Has anybody seen my happiness and joy?

In the song by Ne-Yo, "Time of Our Lives", Pitbull weighs in with:

"Every day above ground is a great day. Remember that!"


So, just wake up, and have another great day!
Pit Bull just so doesn't know what he's talking about. at least not about me.
There is nothing great about today. I don't remember the last great day. Since my diagnosis of recurrent cancer a year agio, nothing has been good. October has been a particularly difficult month. My last mediocre day was was Wednesday. Thursday was a wave of recurring anxiety attacks. Friday was coming down from that. As usually happens, the anxiety gave way to deep deep depression. On my best days I'm depressed. These are not my best days.
 
As much as I appreciate and need the words of encouragement, I don't recall a single post that says I'd be missed if I left Lit.
Just like no one says I'd be missed if or when I die.
 
I know that this is just a form of pseudo-suicide, so that I should not do it and take another step in that direction.
Lit is one of my few pleasures left in my pathetic life.
Please don't do that, you're my favorite moderator on this site. The Idea forum just wouldn't be the same without you. :(
 
As much as I appreciate and need the words of encouragement, I don't recall a single post that says I'd be missed if I left Lit.
Just like no one says I'd be missed if or when I die.

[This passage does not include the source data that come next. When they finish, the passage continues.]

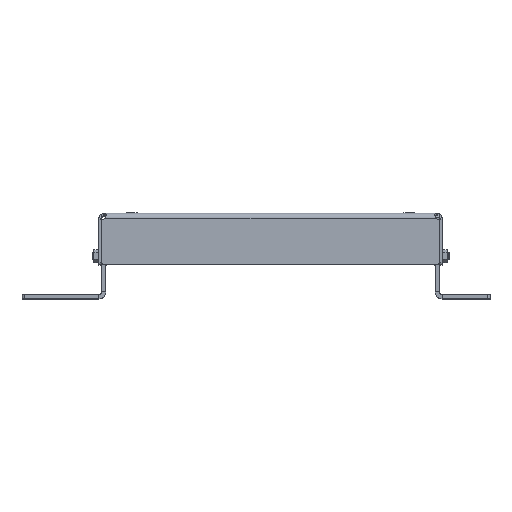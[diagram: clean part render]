
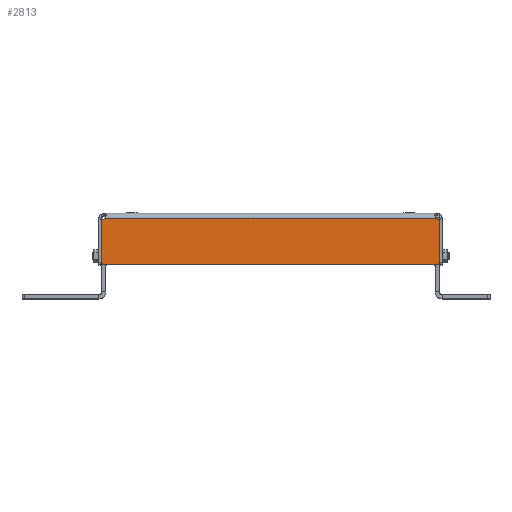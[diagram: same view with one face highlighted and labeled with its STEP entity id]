
A CAD part, top view. The second image highlights one B-rep face of the part: STEP entity #2813.
In plain terms, the highlighted planar face has unit normal (0, 0, 1).
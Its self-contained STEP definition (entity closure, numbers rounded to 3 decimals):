
#331 = CARTESIAN_POINT ( 'NONE',  ( 198.5, -6., 119.966 ) ) ;
#576 = FACE_OUTER_BOUND ( 'NONE', #9704, .T. ) ;
#881 = VERTEX_POINT ( 'NONE', #18371 ) ;
#910 = DIRECTION ( 'NONE',  ( 0., 0., -1. ) ) ;
#954 = LINE ( 'NONE', #21526, #5054 ) ;
#1970 = VERTEX_POINT ( 'NONE', #8023 ) ;
#2813 = ADVANCED_FACE ( 'NONE', ( #576 ), #19671, .F. ) ;
#3031 = EDGE_CURVE ( 'NONE', #1970, #4016, #7296, .T. ) ;
#3158 = LINE ( 'NONE', #11559, #7511 ) ;
#3954 = ORIENTED_EDGE ( 'NONE', *, *, #5359, .T. ) ;
#4016 = VERTEX_POINT ( 'NONE', #20938 ) ;
#4262 = DIRECTION ( 'NONE',  ( 0., 0., -1. ) ) ;
#4644 = ORIENTED_EDGE ( 'NONE', *, *, #15215, .T. ) ;
#4645 = VECTOR ( 'NONE', #19677, 1000. ) ;
#4787 = CARTESIAN_POINT ( 'NONE',  ( -197.5, -7.466, 119.966 ) ) ;
#4883 = VECTOR ( 'NONE', #5488, 1000. ) ;
#5054 = VECTOR ( 'NONE', #6778, 1000. ) ;
#5359 = EDGE_CURVE ( 'NONE', #16030, #881, #18218, .T. ) ;
#5488 = DIRECTION ( 'NONE',  ( 1., 0., 0. ) ) ;
#5729 = DIRECTION ( 'NONE',  ( 0., 1., 0. ) ) ;
#6025 = AXIS2_PLACEMENT_3D ( 'NONE', #17385, #10716, #14224 ) ;
#6367 = AXIS2_PLACEMENT_3D ( 'NONE', #21722, #7875, #19804 ) ;
#6778 = DIRECTION ( 'NONE',  ( 0., 1., 0. ) ) ;
#7296 = LINE ( 'NONE', #331, #4883 ) ;
#7511 = VECTOR ( 'NONE', #21823, 1000. ) ;
#7544 = LINE ( 'NONE', #19465, #4645 ) ;
#7729 = CARTESIAN_POINT ( 'NONE',  ( 197.5, -2.466, 119.966 ) ) ;
#7751 = DIRECTION ( 'NONE',  ( 0., 1., 0. ) ) ;
#7875 = DIRECTION ( 'NONE',  ( 0., 0., 1. ) ) ;
#7930 = AXIS2_PLACEMENT_3D ( 'NONE', #15979, #16199, #5729 ) ;
#8023 = CARTESIAN_POINT ( 'NONE',  ( -193.963, -6., 119.966 ) ) ;
#8574 = CARTESIAN_POINT ( 'NONE',  ( 194.5, -60.466, 119.966 ) ) ;
#8721 = ORIENTED_EDGE ( 'NONE', *, *, #3031, .F. ) ;
#8947 = VERTEX_POINT ( 'NONE', #21625 ) ;
#9704 = EDGE_LOOP ( 'NONE', ( #14340, #12534, #4644, #16647, #8721, #19512, #9944, #3954 ) ) ;
#9944 = ORIENTED_EDGE ( 'NONE', *, *, #20905, .T. ) ;
#10060 = CIRCLE ( 'NONE', #7930, 3. ) ;
#10377 = CIRCLE ( 'NONE', #19382, 5. ) ;
#10716 = DIRECTION ( 'NONE',  ( 0., 0., -1. ) ) ;
#11084 = DIRECTION ( 'NONE',  ( 0., 1., 0. ) ) ;
#11103 = CARTESIAN_POINT ( 'NONE',  ( 198.5, -2.466, 119.966 ) ) ;
#11559 = CARTESIAN_POINT ( 'NONE',  ( -197.5, -7.466, 119.966 ) ) ;
#12534 = ORIENTED_EDGE ( 'NONE', *, *, #15714, .T. ) ;
#12961 = EDGE_CURVE ( 'NONE', #1970, #16928, #20016, .T. ) ;
#14224 = DIRECTION ( 'NONE',  ( 0., 1., 0. ) ) ;
#14340 = ORIENTED_EDGE ( 'NONE', *, *, #20749, .T. ) ;
#15165 = VERTEX_POINT ( 'NONE', #21410 ) ;
#15215 = EDGE_CURVE ( 'NONE', #8947, #15165, #954, .T. ) ;
#15714 = EDGE_CURVE ( 'NONE', #21528, #8947, #10060, .T. ) ;
#15979 = CARTESIAN_POINT ( 'NONE',  ( 194.5, -57.466, 119.966 ) ) ;
#16030 = VERTEX_POINT ( 'NONE', #17640 ) ;
#16199 = DIRECTION ( 'NONE',  ( 0., 0., 1. ) ) ;
#16647 = ORIENTED_EDGE ( 'NONE', *, *, #21069, .T. ) ;
#16928 = VERTEX_POINT ( 'NONE', #4787 ) ;
#17385 = CARTESIAN_POINT ( 'NONE',  ( -197.5, -2.466, 119.966 ) ) ;
#17640 = CARTESIAN_POINT ( 'NONE',  ( -197.5, -57.466, 119.966 ) ) ;
#18218 = CIRCLE ( 'NONE', #6367, 3. ) ;
#18371 = CARTESIAN_POINT ( 'NONE',  ( -194.5, -60.466, 119.966 ) ) ;
#19382 = AXIS2_PLACEMENT_3D ( 'NONE', #7729, #4262, #11084 ) ;
#19465 = CARTESIAN_POINT ( 'NONE',  ( -197.5, -60.466, 119.966 ) ) ;
#19512 = ORIENTED_EDGE ( 'NONE', *, *, #12961, .T. ) ;
#19671 = PLANE ( 'NONE',  #20351 ) ;
#19677 = DIRECTION ( 'NONE',  ( 1., 0., 0. ) ) ;
#19804 = DIRECTION ( 'NONE',  ( 0., 1., 0. ) ) ;
#20016 = CIRCLE ( 'NONE', #6025, 5. ) ;
#20351 = AXIS2_PLACEMENT_3D ( 'NONE', #11103, #910, #7751 ) ;
#20749 = EDGE_CURVE ( 'NONE', #881, #21528, #7544, .T. ) ;
#20905 = EDGE_CURVE ( 'NONE', #16928, #16030, #3158, .T. ) ;
#20938 = CARTESIAN_POINT ( 'NONE',  ( 193.963, -6., 119.966 ) ) ;
#21069 = EDGE_CURVE ( 'NONE', #15165, #4016, #10377, .T. ) ;
#21410 = CARTESIAN_POINT ( 'NONE',  ( 197.5, -7.466, 119.966 ) ) ;
#21526 = CARTESIAN_POINT ( 'NONE',  ( 197.5, -60.466, 119.966 ) ) ;
#21528 = VERTEX_POINT ( 'NONE', #8574 ) ;
#21625 = CARTESIAN_POINT ( 'NONE',  ( 197.5, -57.466, 119.966 ) ) ;
#21722 = CARTESIAN_POINT ( 'NONE',  ( -194.5, -57.466, 119.966 ) ) ;
#21823 = DIRECTION ( 'NONE',  ( 0., -1., 0. ) ) ;
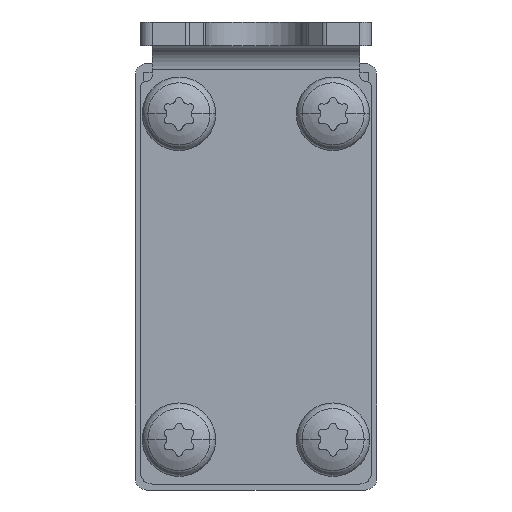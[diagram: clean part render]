
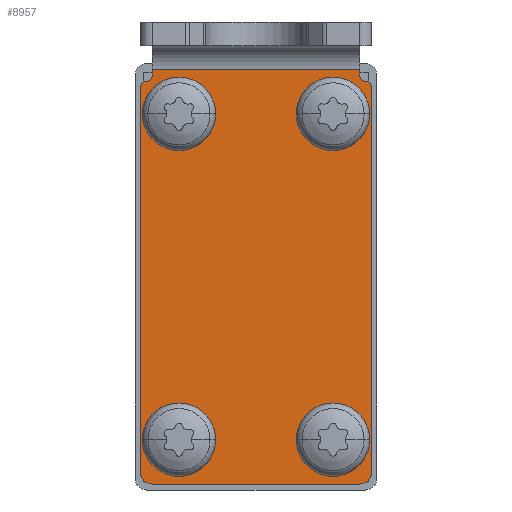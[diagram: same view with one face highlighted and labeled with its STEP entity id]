
A CAD part, front view. The second image highlights one B-rep face of the part: STEP entity #8957.
In plain terms, the highlighted planar face has unit normal (0, -1, 0).
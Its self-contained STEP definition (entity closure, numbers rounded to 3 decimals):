
#3084=DIRECTION('',(0.,0.,-1.));
#3085=VECTOR('',#3084,32.5);
#3086=CARTESIAN_POINT('',(-9.75,-24.8,16.));
#3087=LINE('',#3086,#3085);
#3096=CARTESIAN_POINT('',(9.25,-24.8,16.));
#3097=DIRECTION('',(0.,-1.,0.));
#3098=DIRECTION('',(1.,0.,0.));
#3099=AXIS2_PLACEMENT_3D('',#3096,#3097,#3098);
#3101=CARTESIAN_POINT('',(8.75,-24.8,-16.5));
#3102=DIRECTION('',(0.,-1.,0.));
#3103=DIRECTION('',(0.,0.,-1.));
#3104=AXIS2_PLACEMENT_3D('',#3101,#3102,#3103);
#3106=CARTESIAN_POINT('',(-8.75,-24.8,-16.5));
#3107=DIRECTION('',(0.,-1.,0.));
#3108=DIRECTION('',(-1.,0.,0.));
#3109=AXIS2_PLACEMENT_3D('',#3106,#3107,#3108);
#3111=CARTESIAN_POINT('',(-9.25,-24.8,16.));
#3112=DIRECTION('',(0.,-1.,0.));
#3113=DIRECTION('',(0.,0.,1.));
#3114=AXIS2_PLACEMENT_3D('',#3111,#3112,#3113);
#3116=DIRECTION('',(0.,0.,-1.));
#3117=VECTOR('',#3116,0.5);
#3118=CARTESIAN_POINT('',(-8.75,-24.8,17.5));
#3119=LINE('',#3118,#3117);
#3120=DIRECTION('',(1.,0.,0.));
#3121=VECTOR('',#3120,17.5);
#3122=CARTESIAN_POINT('',(-8.75,-24.8,17.5));
#3123=LINE('',#3122,#3121);
#3124=DIRECTION('',(0.,0.,-1.));
#3125=VECTOR('',#3124,0.5);
#3126=CARTESIAN_POINT('',(8.75,-24.8,17.5));
#3127=LINE('',#3126,#3125);
#3128=CARTESIAN_POINT('',(-6.5,-24.8,-13.75));
#3129=DIRECTION('',(0.,1.,0.));
#3130=DIRECTION('',(1.,0.,0.));
#3131=AXIS2_PLACEMENT_3D('',#3128,#3129,#3130);
#3133=CARTESIAN_POINT('',(-6.5,-24.8,-13.75));
#3134=DIRECTION('',(0.,1.,0.));
#3135=DIRECTION('',(-1.,0.,0.));
#3136=AXIS2_PLACEMENT_3D('',#3133,#3134,#3135);
#3138=CARTESIAN_POINT('',(6.5,-24.8,-13.75));
#3139=DIRECTION('',(0.,1.,0.));
#3140=DIRECTION('',(1.,0.,0.));
#3141=AXIS2_PLACEMENT_3D('',#3138,#3139,#3140);
#3143=CARTESIAN_POINT('',(6.5,-24.8,-13.75));
#3144=DIRECTION('',(0.,1.,0.));
#3145=DIRECTION('',(-1.,0.,0.));
#3146=AXIS2_PLACEMENT_3D('',#3143,#3144,#3145);
#3148=CARTESIAN_POINT('',(-6.5,-24.8,13.75));
#3149=DIRECTION('',(0.,1.,0.));
#3150=DIRECTION('',(1.,0.,0.));
#3151=AXIS2_PLACEMENT_3D('',#3148,#3149,#3150);
#3153=CARTESIAN_POINT('',(-6.5,-24.8,13.75));
#3154=DIRECTION('',(0.,1.,0.));
#3155=DIRECTION('',(-1.,0.,0.));
#3156=AXIS2_PLACEMENT_3D('',#3153,#3154,#3155);
#3158=CARTESIAN_POINT('',(6.5,-24.8,13.75));
#3159=DIRECTION('',(0.,1.,0.));
#3160=DIRECTION('',(1.,0.,0.));
#3161=AXIS2_PLACEMENT_3D('',#3158,#3159,#3160);
#3163=CARTESIAN_POINT('',(6.5,-24.8,13.75));
#3164=DIRECTION('',(0.,1.,0.));
#3165=DIRECTION('',(-1.,0.,0.));
#3166=AXIS2_PLACEMENT_3D('',#3163,#3164,#3165);
#3202=CARTESIAN_POINT('',(9.25,-24.8,17.));
#3203=DIRECTION('',(0.,1.,0.));
#3204=DIRECTION('',(0.,0.,-1.));
#3205=AXIS2_PLACEMENT_3D('',#3202,#3203,#3204);
#3573=DIRECTION('',(0.,0.,-1.));
#3574=VECTOR('',#3573,32.5);
#3575=CARTESIAN_POINT('',(9.75,-24.8,16.));
#3576=LINE('',#3575,#3574);
#3581=DIRECTION('',(1.,0.,0.));
#3582=VECTOR('',#3581,17.5);
#3583=CARTESIAN_POINT('',(-8.75,-24.8,-17.5));
#3584=LINE('',#3583,#3582);
#3589=CARTESIAN_POINT('',(-9.25,-24.8,17.));
#3590=DIRECTION('',(0.,1.,0.));
#3591=DIRECTION('',(1.,0.,0.));
#3592=AXIS2_PLACEMENT_3D('',#3589,#3590,#3591);
#5978=CARTESIAN_POINT('',(-8.75,-24.8,17.5));
#5979=CARTESIAN_POINT('',(8.75,-24.8,17.5));
#5980=VERTEX_POINT('',#5978);
#5981=VERTEX_POINT('',#5979);
#5990=CARTESIAN_POINT('',(-9.75,-24.8,-16.5));
#5991=CARTESIAN_POINT('',(-8.75,-24.8,-17.5));
#5992=VERTEX_POINT('',#5990);
#5993=VERTEX_POINT('',#5991);
#5998=CARTESIAN_POINT('',(8.75,-24.8,-17.5));
#6000=VERTEX_POINT('',#5998);
#6002=CARTESIAN_POINT('',(9.75,-24.8,-16.5));
#6003=VERTEX_POINT('',#6002);
#6038=CARTESIAN_POINT('',(-8.75,-24.8,17.));
#6039=VERTEX_POINT('',#6038);
#6040=CARTESIAN_POINT('',(8.75,-24.8,17.));
#6041=VERTEX_POINT('',#6040);
#6050=CARTESIAN_POINT('',(9.75,-24.8,16.));
#6051=CARTESIAN_POINT('',(9.25,-24.8,16.5));
#6052=VERTEX_POINT('',#6050);
#6053=VERTEX_POINT('',#6051);
#6064=CARTESIAN_POINT('',(-9.25,-24.8,16.5));
#6065=CARTESIAN_POINT('',(-9.75,-24.8,16.));
#6066=VERTEX_POINT('',#6064);
#6067=VERTEX_POINT('',#6065);
#6164=CARTESIAN_POINT('',(-3.4,-24.8,-13.75));
#6165=CARTESIAN_POINT('',(-9.6,-24.8,-13.75));
#6166=VERTEX_POINT('',#6164);
#6167=VERTEX_POINT('',#6165);
#6214=CARTESIAN_POINT('',(9.6,-24.8,-13.75));
#6215=CARTESIAN_POINT('',(3.4,-24.8,-13.75));
#6216=VERTEX_POINT('',#6214);
#6217=VERTEX_POINT('',#6215);
#6264=CARTESIAN_POINT('',(-3.4,-24.8,13.75));
#6265=CARTESIAN_POINT('',(-9.6,-24.8,13.75));
#6266=VERTEX_POINT('',#6264);
#6267=VERTEX_POINT('',#6265);
#6314=CARTESIAN_POINT('',(9.6,-24.8,13.75));
#6315=CARTESIAN_POINT('',(3.4,-24.8,13.75));
#6316=VERTEX_POINT('',#6314);
#6317=VERTEX_POINT('',#6315);
#8907=CARTESIAN_POINT('',(-9.75,-24.8,17.5));
#8908=DIRECTION('',(0.,-1.,0.));
#8909=DIRECTION('',(0.,0.,-1.));
#8910=AXIS2_PLACEMENT_3D('',#8907,#8908,#8909);
#8911=PLANE('',#8910);
#8913=ORIENTED_EDGE('',*,*,#8912,.F.);
#8915=ORIENTED_EDGE('',*,*,#8914,.T.);
#8916=ORIENTED_EDGE('',*,*,#8815,.F.);
#8918=ORIENTED_EDGE('',*,*,#8917,.F.);
#8919=ORIENTED_EDGE('',*,*,#8875,.F.);
#8920=ORIENTED_EDGE('',*,*,#8900,.F.);
#8921=ORIENTED_EDGE('',*,*,#8695,.F.);
#8923=ORIENTED_EDGE('',*,*,#8922,.F.);
#8924=ORIENTED_EDGE('',*,*,#8733,.F.);
#8926=ORIENTED_EDGE('',*,*,#8925,.T.);
#8928=ORIENTED_EDGE('',*,*,#8927,.T.);
#8930=ORIENTED_EDGE('',*,*,#8929,.F.);
#8931=EDGE_LOOP('',(#8913,#8915,#8916,#8918,#8919,#8920,#8921,#8923,#8924,#8926,
#8928,#8930));
#8932=FACE_OUTER_BOUND('',#8931,.F.);
#8934=ORIENTED_EDGE('',*,*,#8933,.F.);
#8936=ORIENTED_EDGE('',*,*,#8935,.F.);
#8937=EDGE_LOOP('',(#8934,#8936));
#8938=FACE_BOUND('',#8937,.F.);
#8940=ORIENTED_EDGE('',*,*,#8939,.F.);
#8942=ORIENTED_EDGE('',*,*,#8941,.F.);
#8943=EDGE_LOOP('',(#8940,#8942));
#8944=FACE_BOUND('',#8943,.F.);
#8946=ORIENTED_EDGE('',*,*,#8945,.F.);
#8948=ORIENTED_EDGE('',*,*,#8947,.F.);
#8949=EDGE_LOOP('',(#8946,#8948));
#8950=FACE_BOUND('',#8949,.F.);
#8952=ORIENTED_EDGE('',*,*,#8951,.F.);
#8954=ORIENTED_EDGE('',*,*,#8953,.F.);
#8955=EDGE_LOOP('',(#8952,#8954));
#8956=FACE_BOUND('',#8955,.F.);
#8957=ADVANCED_FACE('',(#8932,#8938,#8944,#8950,#8956),#8911,.T.);
#3100=CIRCLE('',#3099,0.5);
#3105=CIRCLE('',#3104,1.);
#3110=CIRCLE('',#3109,1.);
#3115=CIRCLE('',#3114,0.5);
#3132=CIRCLE('',#3131,3.1);
#3137=CIRCLE('',#3136,3.1);
#3142=CIRCLE('',#3141,3.1);
#3147=CIRCLE('',#3146,3.1);
#3152=CIRCLE('',#3151,3.1);
#3157=CIRCLE('',#3156,3.1);
#3162=CIRCLE('',#3161,3.1);
#3167=CIRCLE('',#3166,3.1);
#3206=CIRCLE('',#3205,0.5);
#3593=CIRCLE('',#3592,0.5);
#8695=EDGE_CURVE('',#6066,#6067,#3115,.T.);
#8733=EDGE_CURVE('',#5980,#6039,#3119,.T.);
#8815=EDGE_CURVE('',#6000,#6003,#3105,.T.);
#8875=EDGE_CURVE('',#5992,#5993,#3110,.T.);
#8900=EDGE_CURVE('',#6067,#5992,#3087,.T.);
#8912=EDGE_CURVE('',#6052,#6053,#3100,.T.);
#8914=EDGE_CURVE('',#6052,#6003,#3576,.T.);
#8917=EDGE_CURVE('',#5993,#6000,#3584,.T.);
#8922=EDGE_CURVE('',#6039,#6066,#3593,.T.);
#8925=EDGE_CURVE('',#5980,#5981,#3123,.T.);
#8927=EDGE_CURVE('',#5981,#6041,#3127,.T.);
#8929=EDGE_CURVE('',#6053,#6041,#3206,.T.);
#8933=EDGE_CURVE('',#6166,#6167,#3132,.T.);
#8935=EDGE_CURVE('',#6167,#6166,#3137,.T.);
#8939=EDGE_CURVE('',#6216,#6217,#3142,.T.);
#8941=EDGE_CURVE('',#6217,#6216,#3147,.T.);
#8945=EDGE_CURVE('',#6266,#6267,#3152,.T.);
#8947=EDGE_CURVE('',#6267,#6266,#3157,.T.);
#8951=EDGE_CURVE('',#6316,#6317,#3162,.T.);
#8953=EDGE_CURVE('',#6317,#6316,#3167,.T.);

I’ve stood in that emptiness myself, so I know that “chin up” doesn’t help. But I’ve also learned that things start to get better when you stop waiting for others to tell you that you’d be missed. You’re the one who gives meaning to your own presence. Even when that feels impossible or pointless. Sometimes it’s enough, in the middle of that dark abyss, to just look up and notice that somewhere, there’s still a little light.
 
Pit Bull just so doesn't know what he's talking about. at least not about me.
There is nothing great about today. I don't remember the last great day. Since my diagnosis of recurrent cancer a year agio, nothing has been good. October has been a particularly difficult month. My last mediocre day was was Wednesday. Thursday was a wave of recurring anxiety attacks. Friday was coming down from that. As usually happens, the anxiety gave way to deep deep depression. On my best days I'm depressed. These are not my best days.
"Great" can be a relative term, with your health worse than many and not feeling so great. But that song is about someone who doesn't have the money to pay his rent. He chooses to enjoy what little he has.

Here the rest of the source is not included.